But the better view is that the Political Declaration should be taken seriously – even if it is not binding.

Indeed, that the Political Declaration is not binding makes it more important that the government takes it seriously.


What does it mean for a formal commitment to be “binding”?

Not all formally negotiated documents are (legally) “binding” – so what is it which gives them this quality.

In general terms “binding” means that there are formal sanctions available in the event of the breach.

These sanctions may not necessarily require the party in breach to specifically perform the commitment.

The sanction may be that the other party can terminate the agreement, or that there is some remedy or benefit for the other party.

But whatever the sanction, the notion is that the agreed commitment can be enforced against the party in breach so that the other party does not suffer the disadvantage of the breach.

Making a commitment (legally) binding is one way of showing that the party undertaking the commitment is being serious.


In foreign affairs and international politics, however, a preoccupation with whether a formal serious commitment is “binding” or not is in good part a legalistic red herring.

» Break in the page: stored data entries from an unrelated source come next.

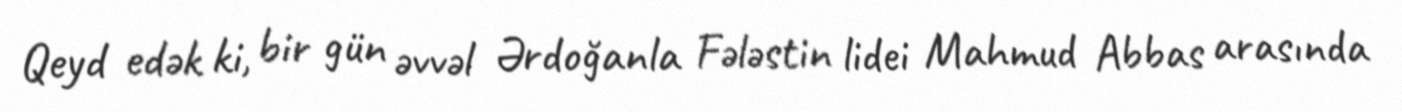
Qeyd edək ki, bir gün əvvəl Ərdoğanla Fələstin lidei Mahmud Abbas arasında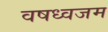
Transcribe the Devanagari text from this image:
वषध्वजम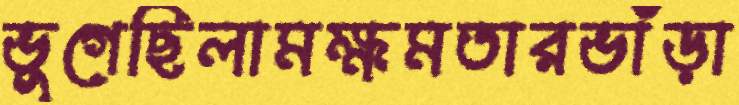
ভুগেছিলামক্ষমতারভাঁড়া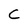
Character: C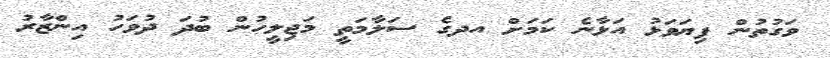
ވަގުތުން ފިޔަވަޅު އަޅާނެ ކަމަށް އދގެ ސަލާމަތީ މަޖިލީހުން ބުދަ ދުވަހު އިންޒާރު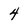
Character: 4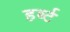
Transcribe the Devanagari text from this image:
हर्ब्ट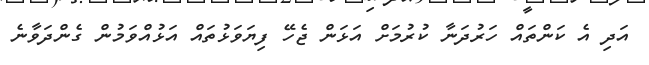
އަދި އެ ކަންތައް ހަރުދަނާ ކުރުމަށް އަޅަން ޖެހޭ ފިޔަވަޅުތައް އަޅުއްވަމުން ގެންދަވާނެ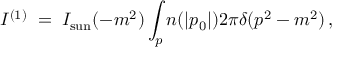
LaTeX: { \cal I } ^ { ( 1 ) } \; = \; I _ { \mathrm { s u n } } ( - m ^ { 2 } ) \int _ { p } n ( | p _ { 0 } | ) 2 \pi \delta ( p ^ { 2 } - m ^ { 2 } ) \, ,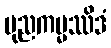
ပုညကမ္မဿိဒံ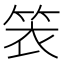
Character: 𬕁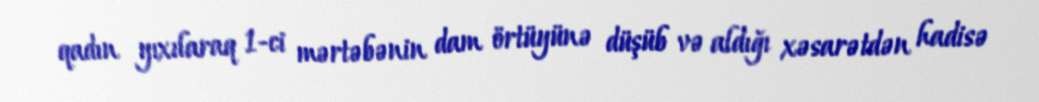
qadın yıxılaraq 1-ci mərtəbənin dam örtüyünə düşüb və aldığı xəsarətdən hadisə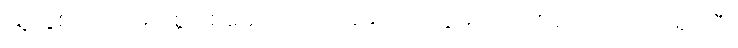
သူ နှစ်ပေါင်းများစွာ စုဆောင်းလာခဲ့သော ငွေမှာ သိန်း ၃၀၀ ကျော် ရှိခဲ့ပြီ။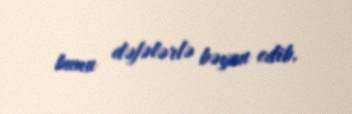
bunu dəfələrlə bəyan edib.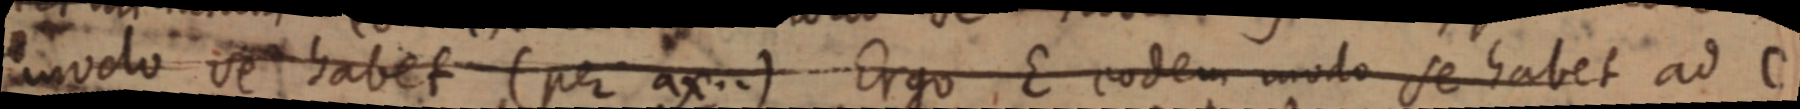
modo se habet (per ax..) Ergo E eodem modo se habet ad C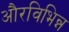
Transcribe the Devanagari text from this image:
औरविभिन्न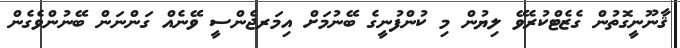
ޤާނޫނީގޮތުން ގެޒެޓްކުރެވޭ ލިޔުން މި ކުންފުނީގެ ބޭނުމަށް އިމަރޖެންސީ ވޭނެއް ގަންނަން ބޭނުންވެގެން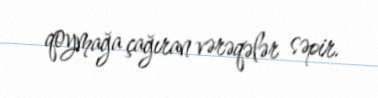
qoymağa çağıran vərəqələr səpir.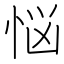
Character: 悩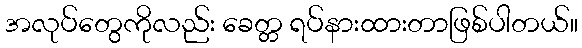
အလုပ်တွေကိုလည်း ခေတ္တ ရပ်နားထားတာဖြစ်ပါတယ်။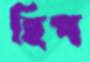
হিপ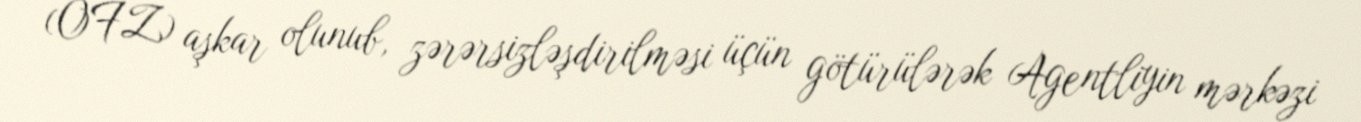
(OFZ) aşkar olunub, zərərsizləşdirilməsi üçün götürülərək Agentliyin mərkəzi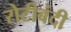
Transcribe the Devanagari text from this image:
रोटीबंदी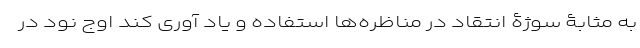
به مثابۀ سوژۀ انتقاد در مناظره‌ها استفاده و یاد آوری کند اوج نود در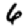
Digit: 6

A serious formal commitment is intended to be taken seriously and formally: that is its very point.

And this is regardless of whether it is technically “binding”.

Resiling from an obligation on the technicality that it is not legally binding is not to take such a commitment seriously.

(A useful comparator are the United Kingdom’s pre-Brexit financial commitments to the European Union – there were question marks over whether they were legally binding – how could they be litigated? which court? – but this was not the point: the United Kingdom had made a commitment and was expected to stick to it.)


All this said, there may be a good reason for a country to depart from a formal serious undertaking.

And both the United Kingdom and the European Union knew that the Political Declaration was not (legally) enforceable.

Both sides accepted it could and would be departed from, in certain circumstances.

The crucial question would be: how and on what basis?

And in this way, the Political Declaration is, in effect, a test for a post-Brexit United Kingdom.

How seriously does the United Kingdom take non-binding commitments and assurances?

Do the words matter?

The less seriously the United Kingdom takes non-binding commitments, the stronger the signal to the European Union that anything important needs to be tied down in strict legal provisions.

This is why the daft posturing of the United Kingdom about casually breaking the the Political Declaration matters.

It matters as much, if not more, than if the Political Declaration was “binding”.

In effect: the Unite Kingdom is sending a signal of “don’t trust us, insist on strict legal obligations”.

And this signal is not just being sent to European Union – the signal is now being broadcast to every nation in world, to all the countries where, post-Brexit, United Kingdom may want to have “trade agreements”.

The United Kingdom may think it is saying to EU “screw you” but in fact it is telling the world “screw us”.


Brexit was an opportunity for the United Kingdom to show the world how serious it was about having an independent trade policy.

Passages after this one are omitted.